» **TASK OBJECTIVE**: Return exactly the lines that run from the one with "དྲིལ ༡༢?་སྒྲུབ། མགོན་དཀར་ཡིད་བཞིན་ནོར་བུ" to the last line of the entries below, both included, and nothing else.

Stored data entries:
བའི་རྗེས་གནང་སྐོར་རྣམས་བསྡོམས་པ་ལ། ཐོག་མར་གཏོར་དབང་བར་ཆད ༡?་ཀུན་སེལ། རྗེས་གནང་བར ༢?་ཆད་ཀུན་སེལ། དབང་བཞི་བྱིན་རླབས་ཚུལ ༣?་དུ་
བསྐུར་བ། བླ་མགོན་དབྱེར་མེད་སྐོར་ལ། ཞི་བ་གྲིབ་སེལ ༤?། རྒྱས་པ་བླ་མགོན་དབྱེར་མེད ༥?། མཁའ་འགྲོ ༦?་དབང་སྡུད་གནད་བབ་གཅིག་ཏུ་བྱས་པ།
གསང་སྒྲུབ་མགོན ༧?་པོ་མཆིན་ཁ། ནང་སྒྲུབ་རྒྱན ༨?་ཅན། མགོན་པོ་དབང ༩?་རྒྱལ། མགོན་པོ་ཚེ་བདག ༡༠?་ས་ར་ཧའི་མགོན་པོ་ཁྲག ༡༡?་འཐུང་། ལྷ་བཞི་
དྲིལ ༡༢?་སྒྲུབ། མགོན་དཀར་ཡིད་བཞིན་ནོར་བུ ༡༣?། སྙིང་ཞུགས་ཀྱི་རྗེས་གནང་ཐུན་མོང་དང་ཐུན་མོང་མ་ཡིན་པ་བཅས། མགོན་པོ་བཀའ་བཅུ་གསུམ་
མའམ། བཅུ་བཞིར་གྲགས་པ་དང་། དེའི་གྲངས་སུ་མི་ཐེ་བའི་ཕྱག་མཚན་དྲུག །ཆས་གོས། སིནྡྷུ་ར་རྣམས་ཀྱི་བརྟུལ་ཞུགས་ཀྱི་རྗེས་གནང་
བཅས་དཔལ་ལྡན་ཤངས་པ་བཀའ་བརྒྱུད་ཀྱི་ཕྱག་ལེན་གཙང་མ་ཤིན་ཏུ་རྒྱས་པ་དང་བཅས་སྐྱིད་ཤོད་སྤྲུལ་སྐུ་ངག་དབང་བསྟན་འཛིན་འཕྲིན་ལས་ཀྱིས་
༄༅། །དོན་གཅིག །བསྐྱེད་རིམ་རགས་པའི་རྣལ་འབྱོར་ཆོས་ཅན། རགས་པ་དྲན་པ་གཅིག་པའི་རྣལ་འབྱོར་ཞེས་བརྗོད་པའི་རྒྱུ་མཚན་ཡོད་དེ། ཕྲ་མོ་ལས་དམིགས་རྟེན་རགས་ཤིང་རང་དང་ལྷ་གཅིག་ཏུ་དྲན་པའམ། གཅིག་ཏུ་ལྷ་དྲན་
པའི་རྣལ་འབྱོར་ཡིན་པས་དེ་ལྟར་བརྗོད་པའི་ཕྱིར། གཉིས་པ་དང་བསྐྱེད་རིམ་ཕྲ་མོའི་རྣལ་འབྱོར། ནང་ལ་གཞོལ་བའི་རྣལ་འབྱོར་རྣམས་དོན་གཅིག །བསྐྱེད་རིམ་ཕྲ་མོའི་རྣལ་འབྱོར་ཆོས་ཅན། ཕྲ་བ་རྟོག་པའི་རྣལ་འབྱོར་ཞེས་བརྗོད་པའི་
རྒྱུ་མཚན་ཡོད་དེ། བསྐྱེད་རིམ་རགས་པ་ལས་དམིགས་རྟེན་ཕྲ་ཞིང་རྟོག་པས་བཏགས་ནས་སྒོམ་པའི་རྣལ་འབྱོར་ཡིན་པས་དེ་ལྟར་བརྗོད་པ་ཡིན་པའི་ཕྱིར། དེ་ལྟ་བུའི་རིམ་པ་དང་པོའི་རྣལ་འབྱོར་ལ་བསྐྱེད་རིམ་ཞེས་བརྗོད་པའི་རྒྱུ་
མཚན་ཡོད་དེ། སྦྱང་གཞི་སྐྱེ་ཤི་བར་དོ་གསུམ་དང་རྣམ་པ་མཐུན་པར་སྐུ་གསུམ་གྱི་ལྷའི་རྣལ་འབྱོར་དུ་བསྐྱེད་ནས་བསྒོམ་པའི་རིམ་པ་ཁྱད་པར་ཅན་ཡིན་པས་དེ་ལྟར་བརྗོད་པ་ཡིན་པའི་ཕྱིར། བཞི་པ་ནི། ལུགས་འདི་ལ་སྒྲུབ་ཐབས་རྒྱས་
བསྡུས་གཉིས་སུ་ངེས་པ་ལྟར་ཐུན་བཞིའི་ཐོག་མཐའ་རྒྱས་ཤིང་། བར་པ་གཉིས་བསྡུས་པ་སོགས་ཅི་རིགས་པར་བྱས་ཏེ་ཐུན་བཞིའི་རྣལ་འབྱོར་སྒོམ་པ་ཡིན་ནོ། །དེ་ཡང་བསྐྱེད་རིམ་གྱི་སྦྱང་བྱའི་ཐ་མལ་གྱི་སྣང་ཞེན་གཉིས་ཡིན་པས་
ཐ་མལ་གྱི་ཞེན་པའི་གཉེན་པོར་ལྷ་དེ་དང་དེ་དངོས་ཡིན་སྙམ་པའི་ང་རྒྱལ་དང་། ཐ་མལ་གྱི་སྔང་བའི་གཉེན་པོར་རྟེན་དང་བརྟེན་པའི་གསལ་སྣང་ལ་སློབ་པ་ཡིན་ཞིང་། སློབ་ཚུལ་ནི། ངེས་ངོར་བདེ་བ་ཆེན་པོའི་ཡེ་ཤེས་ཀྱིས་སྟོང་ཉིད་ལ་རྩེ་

» **ANSWER**:
དྲིལ ༡༢?་སྒྲུབ། མགོན་དཀར་ཡིད་བཞིན་ནོར་བུ ༡༣?། སྙིང་ཞུགས་ཀྱི་རྗེས་གནང་ཐུན་མོང་དང་ཐུན་མོང་མ་ཡིན་པ་བཅས། མགོན་པོ་བཀའ་བཅུ་གསུམ་
མའམ། བཅུ་བཞིར་གྲགས་པ་དང་། དེའི་གྲངས་སུ་མི་ཐེ་བའི་ཕྱག་མཚན་དྲུག །ཆས་གོས། སིནྡྷུ་ར་རྣམས་ཀྱི་བརྟུལ་ཞུགས་ཀྱི་རྗེས་གནང་
བཅས་དཔལ་ལྡན་ཤངས་པ་བཀའ་བརྒྱུད་ཀྱི་ཕྱག་ལེན་གཙང་མ་ཤིན་ཏུ་རྒྱས་པ་དང་བཅས་སྐྱིད་ཤོད་སྤྲུལ་སྐུ་ངག་དབང་བསྟན་འཛིན་འཕྲིན་ལས་ཀྱིས་
༄༅། །དོན་གཅིག །བསྐྱེད་རིམ་རགས་པའི་རྣལ་འབྱོར་ཆོས་ཅན། རགས་པ་དྲན་པ་གཅིག་པའི་རྣལ་འབྱོར་ཞེས་བརྗོད་པའི་རྒྱུ་མཚན་ཡོད་དེ། ཕྲ་མོ་ལས་དམིགས་རྟེན་རགས་ཤིང་རང་དང་ལྷ་གཅིག་ཏུ་དྲན་པའམ། གཅིག་ཏུ་ལྷ་དྲན་
པའི་རྣལ་འབྱོར་ཡིན་པས་དེ་ལྟར་བརྗོད་པའི་ཕྱིར། གཉིས་པ་དང་བསྐྱེད་རིམ་ཕྲ་མོའི་རྣལ་འབྱོར། ནང་ལ་གཞོལ་བའི་རྣལ་འབྱོར་རྣམས་དོན་གཅིག །བསྐྱེད་རིམ་ཕྲ་མོའི་རྣལ་འབྱོར་ཆོས་ཅན། ཕྲ་བ་རྟོག་པའི་རྣལ་འབྱོར་ཞེས་བརྗོད་པའི་
རྒྱུ་མཚན་ཡོད་དེ། བསྐྱེད་རིམ་རགས་པ་ལས་དམིགས་རྟེན་ཕྲ་ཞིང་རྟོག་པས་བཏགས་ནས་སྒོམ་པའི་རྣལ་འབྱོར་ཡིན་པས་དེ་ལྟར་བརྗོད་པ་ཡིན་པའི་ཕྱིར། དེ་ལྟ་བུའི་རིམ་པ་དང་པོའི་རྣལ་འབྱོར་ལ་བསྐྱེད་རིམ་ཞེས་བརྗོད་པའི་རྒྱུ་
མཚན་ཡོད་དེ། སྦྱང་གཞི་སྐྱེ་ཤི་བར་དོ་གསུམ་དང་རྣམ་པ་མཐུན་པར་སྐུ་གསུམ་གྱི་ལྷའི་རྣལ་འབྱོར་དུ་བསྐྱེད་ནས་བསྒོམ་པའི་རིམ་པ་ཁྱད་པར་ཅན་ཡིན་པས་དེ་ལྟར་བརྗོད་པ་ཡིན་པའི་ཕྱིར། བཞི་པ་ནི། ལུགས་འདི་ལ་སྒྲུབ་ཐབས་རྒྱས་
བསྡུས་གཉིས་སུ་ངེས་པ་ལྟར་ཐུན་བཞིའི་ཐོག་མཐའ་རྒྱས་ཤིང་། བར་པ་གཉིས་བསྡུས་པ་སོགས་ཅི་རིགས་པར་བྱས་ཏེ་ཐུན་བཞིའི་རྣལ་འབྱོར་སྒོམ་པ་ཡིན་ནོ། །དེ་ཡང་བསྐྱེད་རིམ་གྱི་སྦྱང་བྱའི་ཐ་མལ་གྱི་སྣང་ཞེན་གཉིས་ཡིན་པས་
ཐ་མལ་གྱི་ཞེན་པའི་གཉེན་པོར་ལྷ་དེ་དང་དེ་དངོས་ཡིན་སྙམ་པའི་ང་རྒྱལ་དང་། ཐ་མལ་གྱི་སྔང་བའི་གཉེན་པོར་རྟེན་དང་བརྟེན་པའི་གསལ་སྣང་ལ་སློབ་པ་ཡིན་ཞིང་། སློབ་ཚུལ་ནི། ངེས་ངོར་བདེ་བ་ཆེན་པོའི་ཡེ་ཤེས་ཀྱིས་སྟོང་ཉིད་ལ་རྩེ་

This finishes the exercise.